SHAOLIN DOLEMITE - THE NINJA FINAL DUEL 2

Titre: Shaolin Dolemite
ou: Ninja - Final Duel 2
Réalisateur: Robert Tai
scènes addit: Rudy Ray Moore
Interprètes: Eugene Thomas (Tupac)

 

Alexander Lou (Prince Sanada)
Robert Tai (Abbot White)
Rudy Ray Moore (Monk Ru-Dee)
Alan Lee
Alice Tseng (Ninja Ho)
Jimmy Lynch (Sam the Spliff)
Année: 1986 / 1999
Genre: Kung Fu
Pays: Taiwan / USA
Editeur Kung Fu Classics
Violence: * * *
Erotisme: * *
Suite:  

30%

Résumé:

Les Ninjas sont toujours décidés à en découdre avec les moines de Shaolin. Malgrè l'échec de leur précédente tentative, ils décident une nouvelle offensive.

 

Critique:

Ninja The Final Duel durait à l'origine environ 11 heures. Une véritable saga découpée en trois partie tournée à l'origine en 1986. Robert Tai décide donc d'exploiter les bouts de pellicules restantes (oui, les chutes quoi!) plus de douze ans après avoir filmé quasi toutes les scènes.

Pour cela il engage Rudy Ray Moore, alias Dolemite, acteur de blaxploitation Z des seventies qui se trouve parachuté n'importe comment au milieu d'une intrigue déjà totalement incohérente. Ses apparitions, malgrè son statut de tête d'affiche, se résume à une poignée de minutes au cours desquels il contemple le spectacle en cours en lançant des motherfuckers à répétition.

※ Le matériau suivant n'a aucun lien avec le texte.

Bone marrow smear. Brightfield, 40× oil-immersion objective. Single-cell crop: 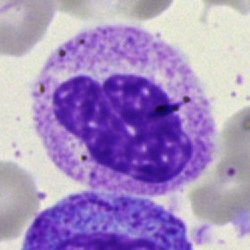
{"cell_type": "neutrophil (band)"}

Son rôle étant secondaire, le vrai héros demeure Alexander Lou, lequel est aidé par un maître Shaolin nommé White Abbot joué par non moins que Robert Tai en personne et par (roulement de tambour!) David Crocket avec son costume en peau de castord et son épée! Du coté des méchants, Alan Lee demeure le chef suprème et porte toujours un costume ridicule, même si il se fait voler la vedette par Eugène Thomas qui incarne un sorcier surpuissant capable de ressusciter les morts et doté d'une cloche maléfique qui peut briser les tympans. Au final, il lève carrément deux zombies karatékas recouverts d'or et d'argent pour détruire une fois pour toute le monastère Shaolin. Tout ce petit monde se tape donc dessus avec une absence totale de retenue (les cables sont tous très visibles) et on invite heureusement Alice Tseng pour refaire son numéro de combattante à poil (juste le haut cette fois, hélàs) qui n'hésite pas à battre le pauvre moine refoulé Alexander Lou à coup de seins au visage durant une bonne minute. Trop affreux comme technique.

Tout ça parait prometteur mais, finalement, le spectateur sature devant tant de combats débiles, de situations stupides et de dialogues affligeants. Il faut dire que le doublage anglais est infâme (aucune synchronisation: les types débitent leurs dialogues lèvres closes) et l'image laide à souhait (défaut du dvd ou conséquence d'un assemblage de bobines hétéroclites? Un peu des deux sans doute!).

Là où Ninja Final Duel nous amusait souvent, cette séquelle finit par s'avérer ennuyeuse: on n'y retrouve que trop rarement l'aspect ultra-bis du précedent volet et on s'ennuie vite de cette succession interminable de mauvais combats. Les trois derniers quart d'heures donnent dans l'action non-stop et constitue un bon test d'endurance: même les fans les plus acharnés de kung-fu vont certainement froler la saturation!

Bref, nous sommes en présence d'un gros navet mal ficelé et mal monté, rendu pire encore par la pathétique tentative de Rudy Ray Moore d'en tirer une parodie. Revoyez plutôt le délirant premier volet!